Zulkifeli bin Mohd. Zin (born 14 June 1956) is the 18th and the former Chief of Defence Forces of Malaysia.

Education 
He was educated at Sultan Ismail College (SIC) in Kelantan. In 1974, upon completion of his cadet training in Sandhurst, he was first commissioned as a second lieutenant to the 2nd Royal Malay Regiment as a platoon commander on 9 August 1974.

He holds a Master of Science degree from the National Defense University.

He is also a graduate from the Malaysian Armed Forces Staff College (MTAT) and the Malaysian Armed Forces Defence College (MPAT). Both colleges have since been consolidated as one under the National Defense Studies Centre (Puspahanas).

Military career (1974–2016) 
Throughout his military career, he has held various positions ranging from platoon commander to commanding officer.

He also held staff positions in the Army Headquarters and Training Institute.

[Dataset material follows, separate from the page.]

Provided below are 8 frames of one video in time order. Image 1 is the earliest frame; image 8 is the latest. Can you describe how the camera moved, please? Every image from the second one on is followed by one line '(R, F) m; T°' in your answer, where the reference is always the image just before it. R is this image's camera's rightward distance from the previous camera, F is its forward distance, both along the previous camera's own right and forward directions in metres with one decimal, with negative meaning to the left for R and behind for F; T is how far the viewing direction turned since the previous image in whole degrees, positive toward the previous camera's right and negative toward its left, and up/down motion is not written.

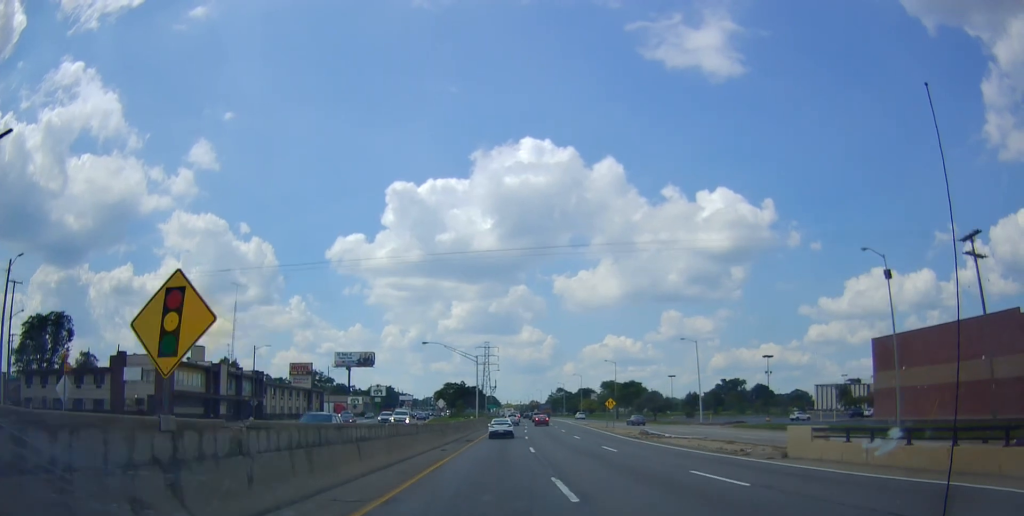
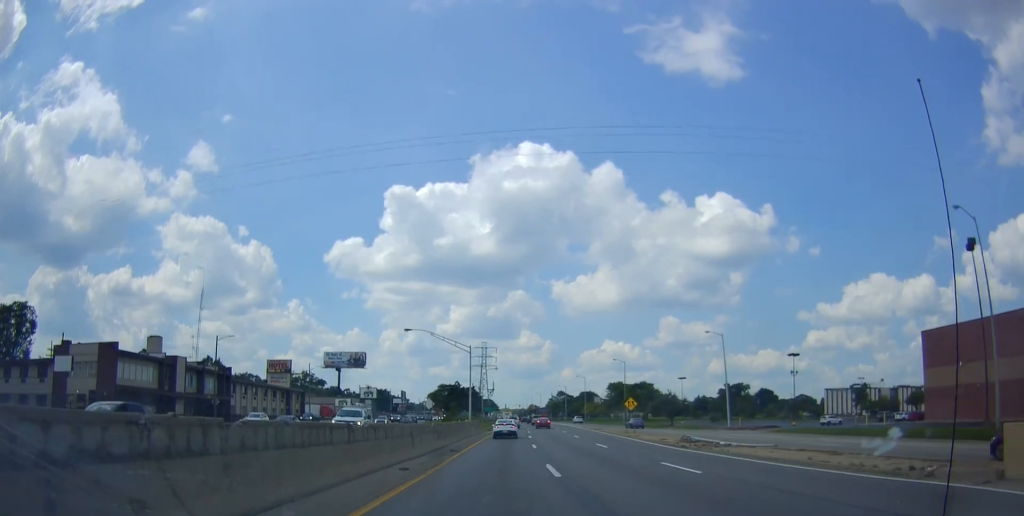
(-0.1, +11.6) m; 0°
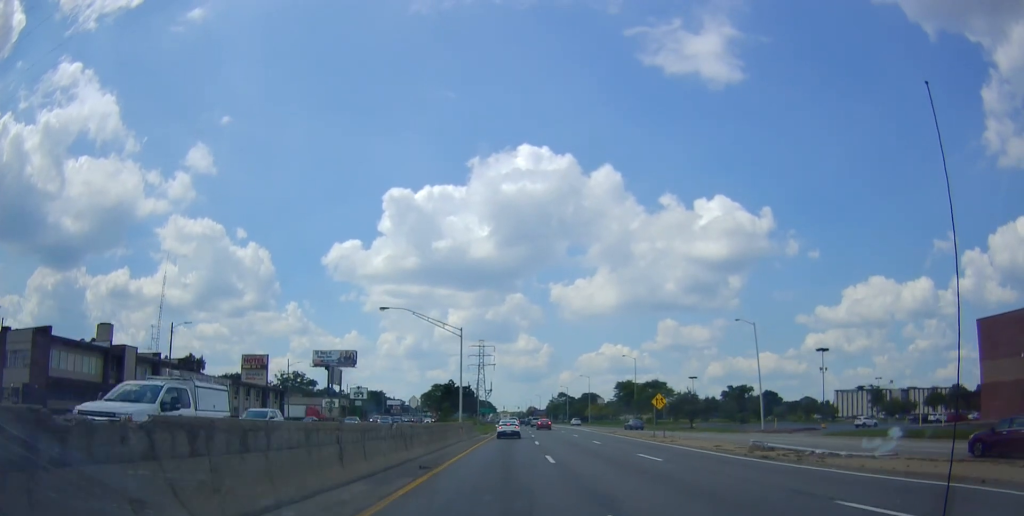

This included stints as Staff Officer of the Army Headquarters as well as the Trick Trainer at the Army Training Centre of Johor Bahru. Between 1999 and 2000, he was the Infantry Director of the Army Headquarters.

During his rank of colonel, he was the commandant of Army Combat Training Centre (PULADA) and Resource Colonel in the Army Headquarters.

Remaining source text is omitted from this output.